Um filme no tempo presente: Jean-Pierre e Luc Dardenne em “The Unknown Girl”

Durante a primeira exibição teatral de Alfred Hitchcock 's 'Psicose', o público teria gritado para a tela, alertando Lila Crane para não se esconder em uma adega de frutas onde seu destino supostamente esperava. Momentos de ir ao cinema como esse naturalmente excitam qualquer cinéfilo que se preze, mas o que me excita ainda mais é quando eles acontecem comigo. Eu nunca vou esquecer de gritar com Igor ( Jeremy Renier ) para deixar Roger ( Olivier Gourmet ) durante a sequência climática de Jean Pierre e Luc Dardenne obra-prima de 1996, “La Promesse”. Foi nesse exato momento que percebi que os irmãos Dardenne eram os mestres modernos do suspense. A dupla de cineastas belgas ganhou aclamação mundial, para não mencionar dois prêmios Palme d'Or no Festival de Cinema de Cannes, por suas obras surpreendentemente autênticas de cinema social realista. Filmes como “ Roseta ,” “ O garoto com uma bicicleta ' e ' Dois dias, uma noite ” são agonizantemente cheios de suspense, principalmente porque estamos tão envolvidos nas minúcias da vida dos personagens. No último filme dos Dardennes, “ A Garota Desconhecida ” Adele Haenel estrela como Jenny, uma médica que não atende as ligações de uma garota batendo em sua porta. Quando a garota acaba morta, Jenny fica obcecada em resolver o mistério de seu assassinato.
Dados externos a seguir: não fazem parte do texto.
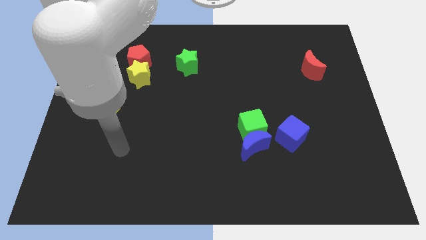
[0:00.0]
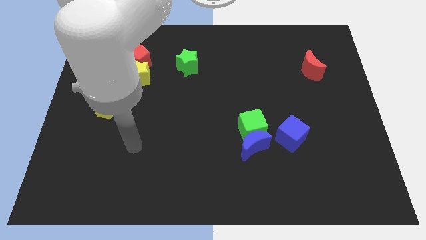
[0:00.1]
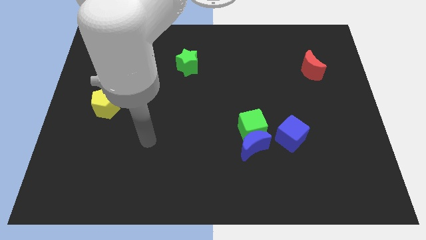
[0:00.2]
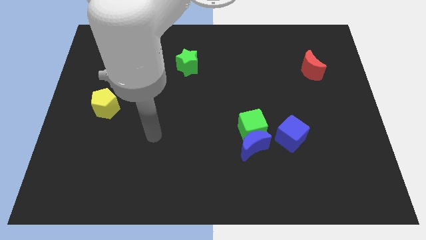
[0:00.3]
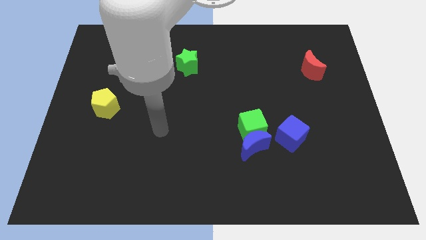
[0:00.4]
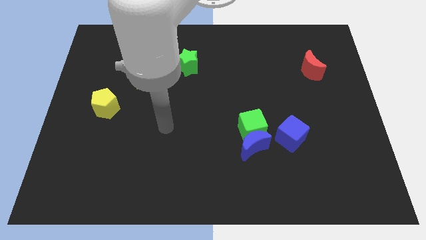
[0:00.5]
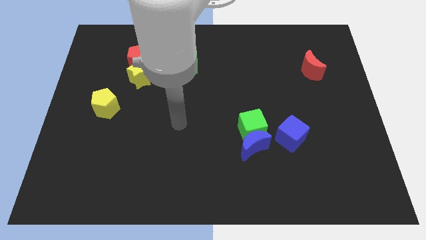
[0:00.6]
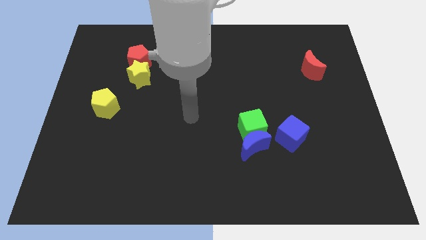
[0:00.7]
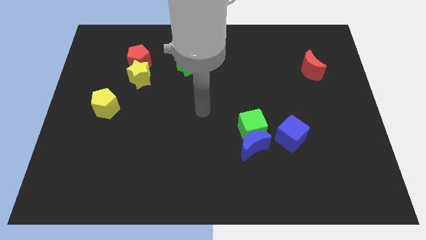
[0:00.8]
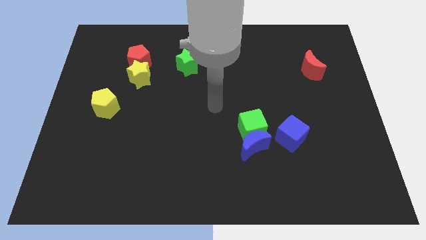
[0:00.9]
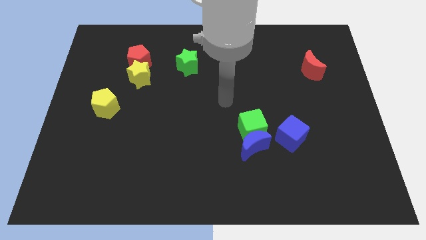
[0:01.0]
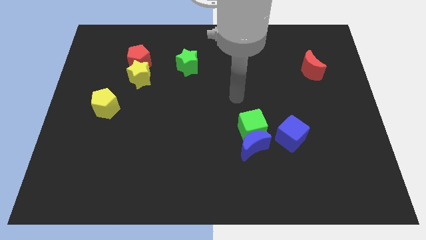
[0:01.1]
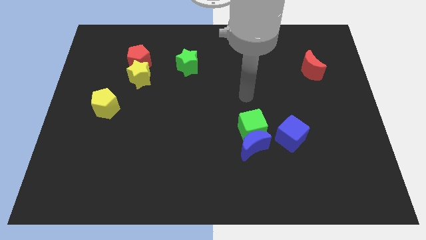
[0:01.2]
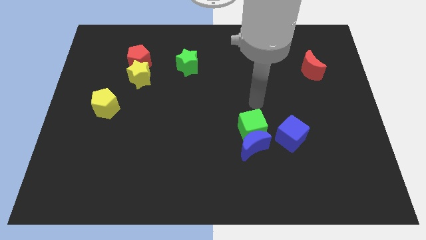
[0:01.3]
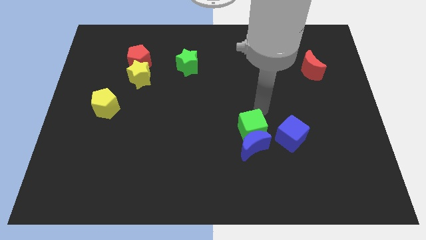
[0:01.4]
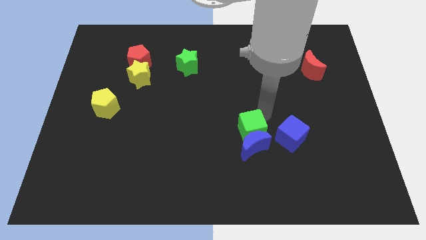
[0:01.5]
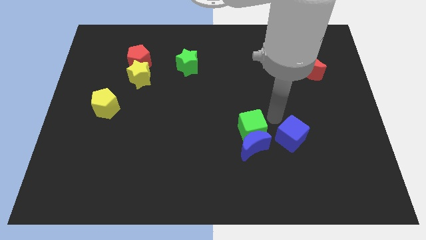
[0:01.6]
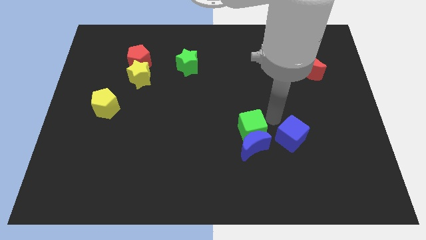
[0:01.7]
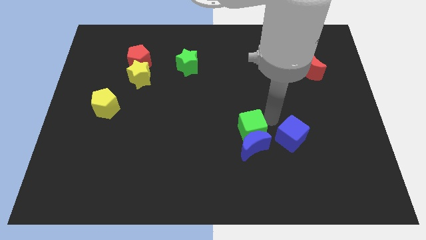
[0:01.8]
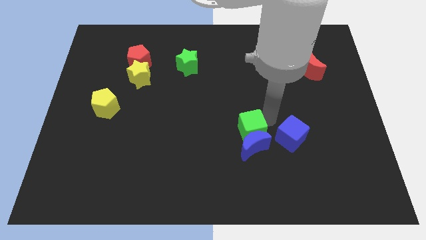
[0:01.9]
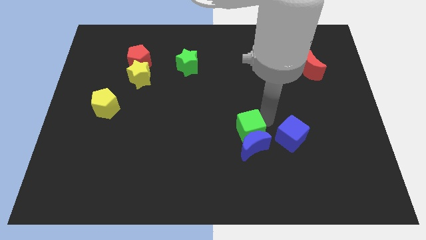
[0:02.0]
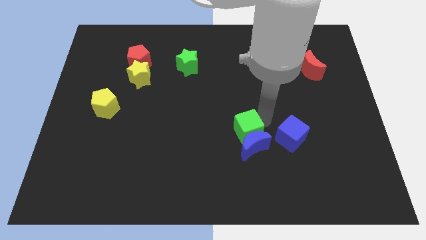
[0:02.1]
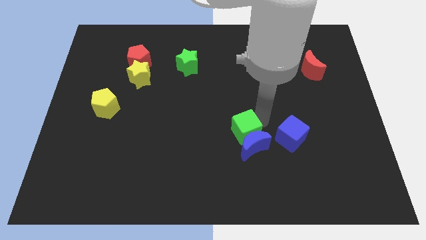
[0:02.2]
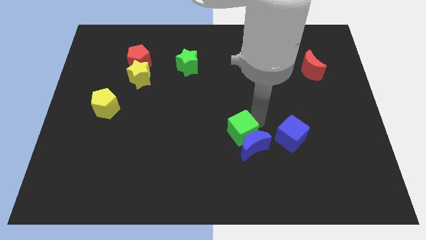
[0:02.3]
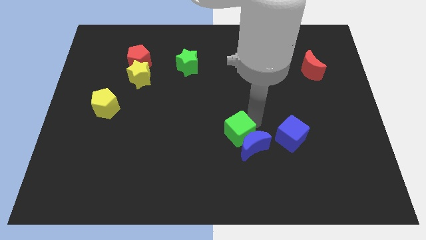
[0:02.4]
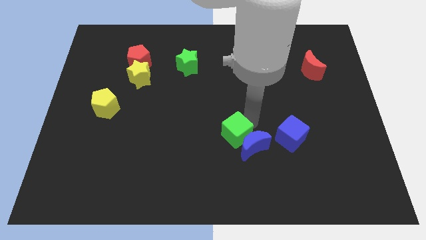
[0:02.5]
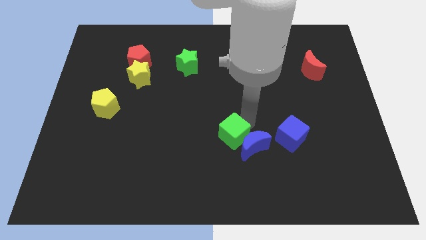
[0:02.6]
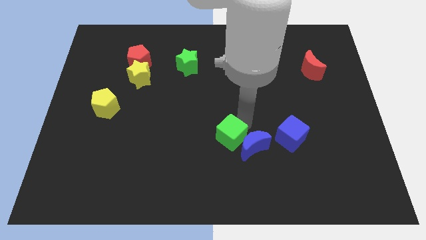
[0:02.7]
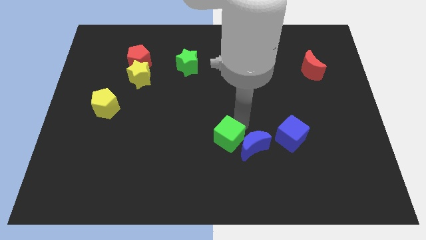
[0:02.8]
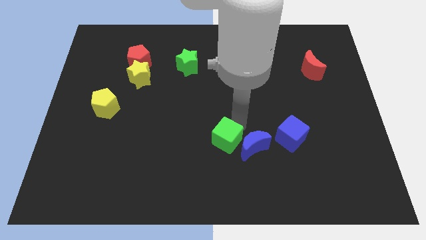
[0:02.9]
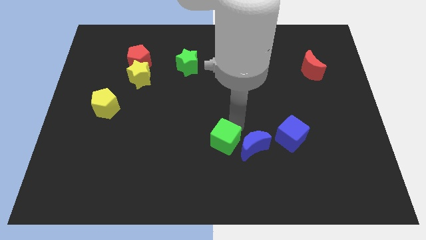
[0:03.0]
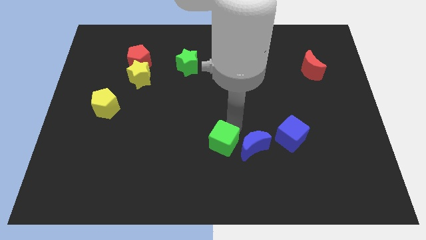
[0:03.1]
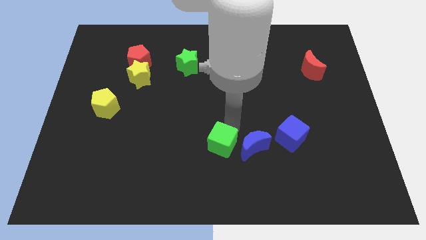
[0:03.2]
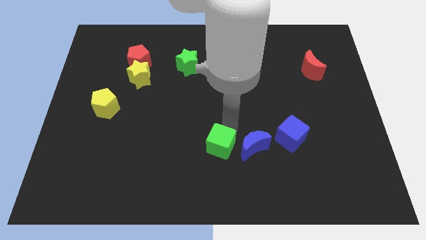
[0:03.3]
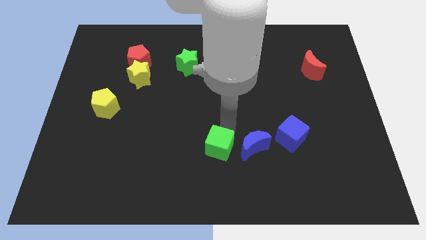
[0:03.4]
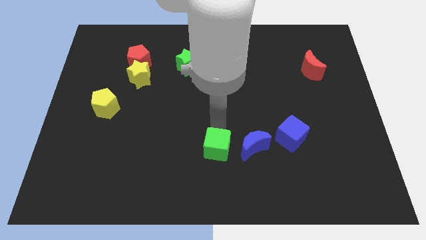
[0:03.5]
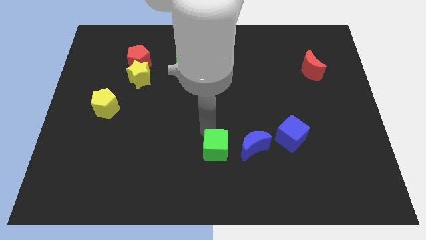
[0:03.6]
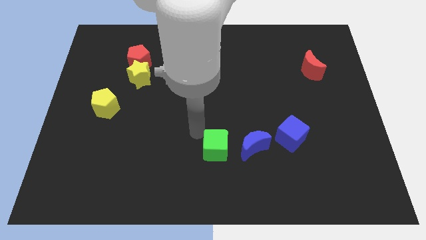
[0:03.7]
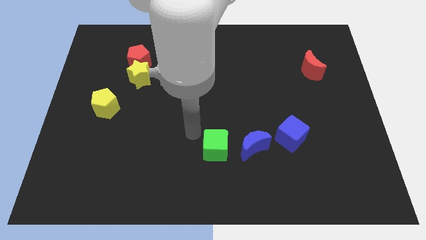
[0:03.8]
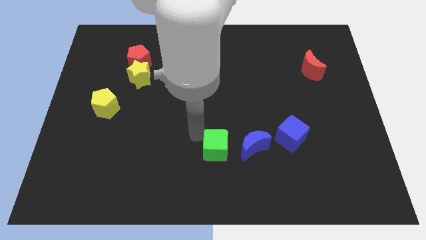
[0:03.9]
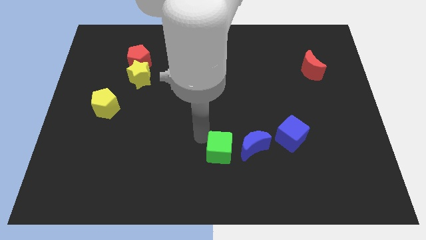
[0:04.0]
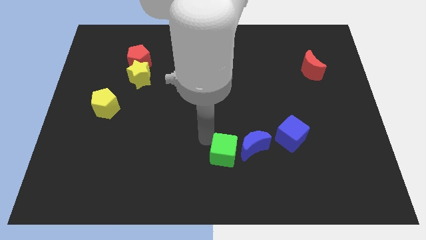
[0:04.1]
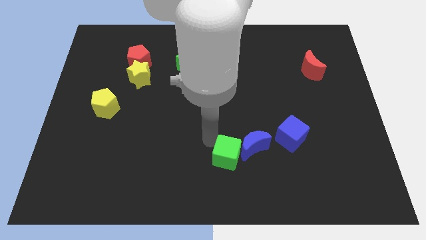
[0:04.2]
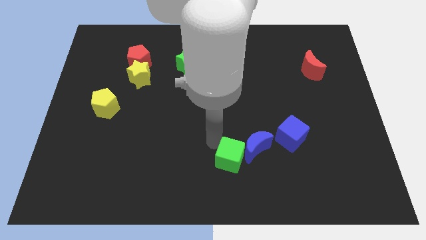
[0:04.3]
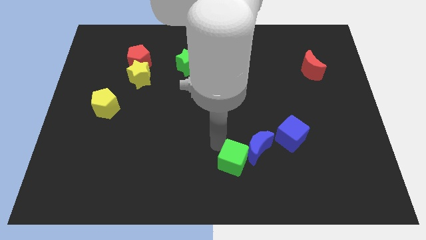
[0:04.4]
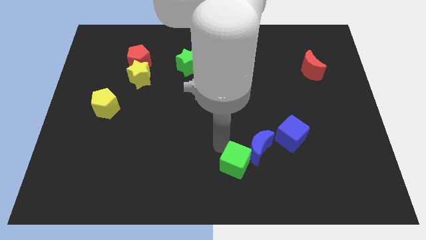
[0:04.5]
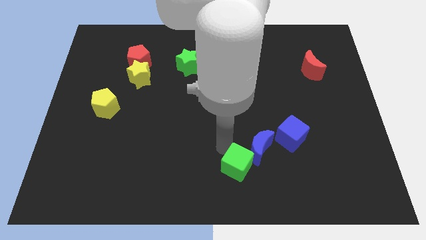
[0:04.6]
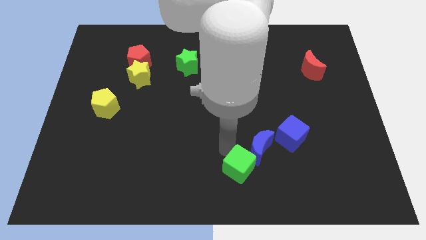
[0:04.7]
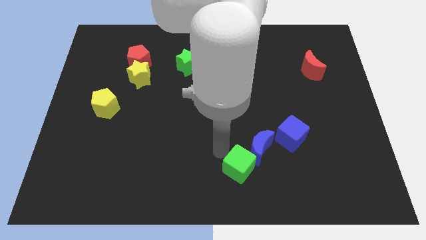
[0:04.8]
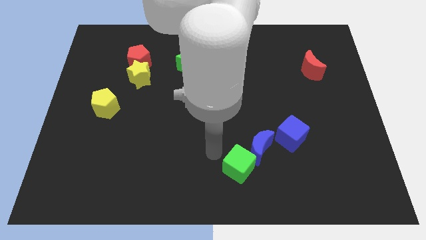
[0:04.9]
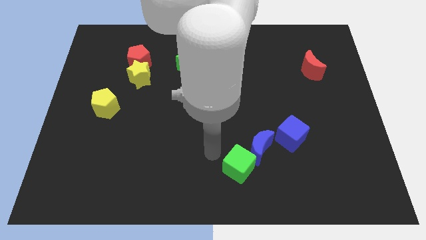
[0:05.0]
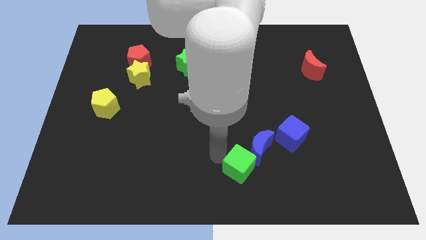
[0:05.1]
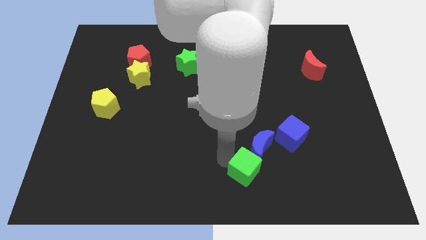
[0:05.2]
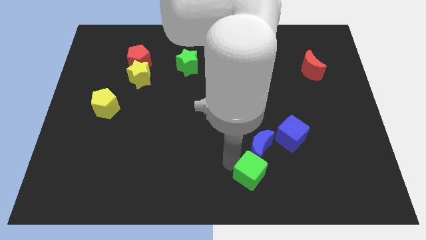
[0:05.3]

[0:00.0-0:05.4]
move the green cube to the bottom left side of the blue cube

No Festival Internacional de Cinema de Toronto do ano passado, os irmãos Dardenne falaram com RogerEbert.com através de um intérprete sobre sua abordagem para criar suspense, seu amor por Kieślowski e a influência de documentários em seu cinema narrativo.



O que te atrai em retratar mulheres como portadoras de verdades inconvenientes, como Jenny em “A Garota Desconhecida” ou Sandra em “Dois Dias, Uma Noite”?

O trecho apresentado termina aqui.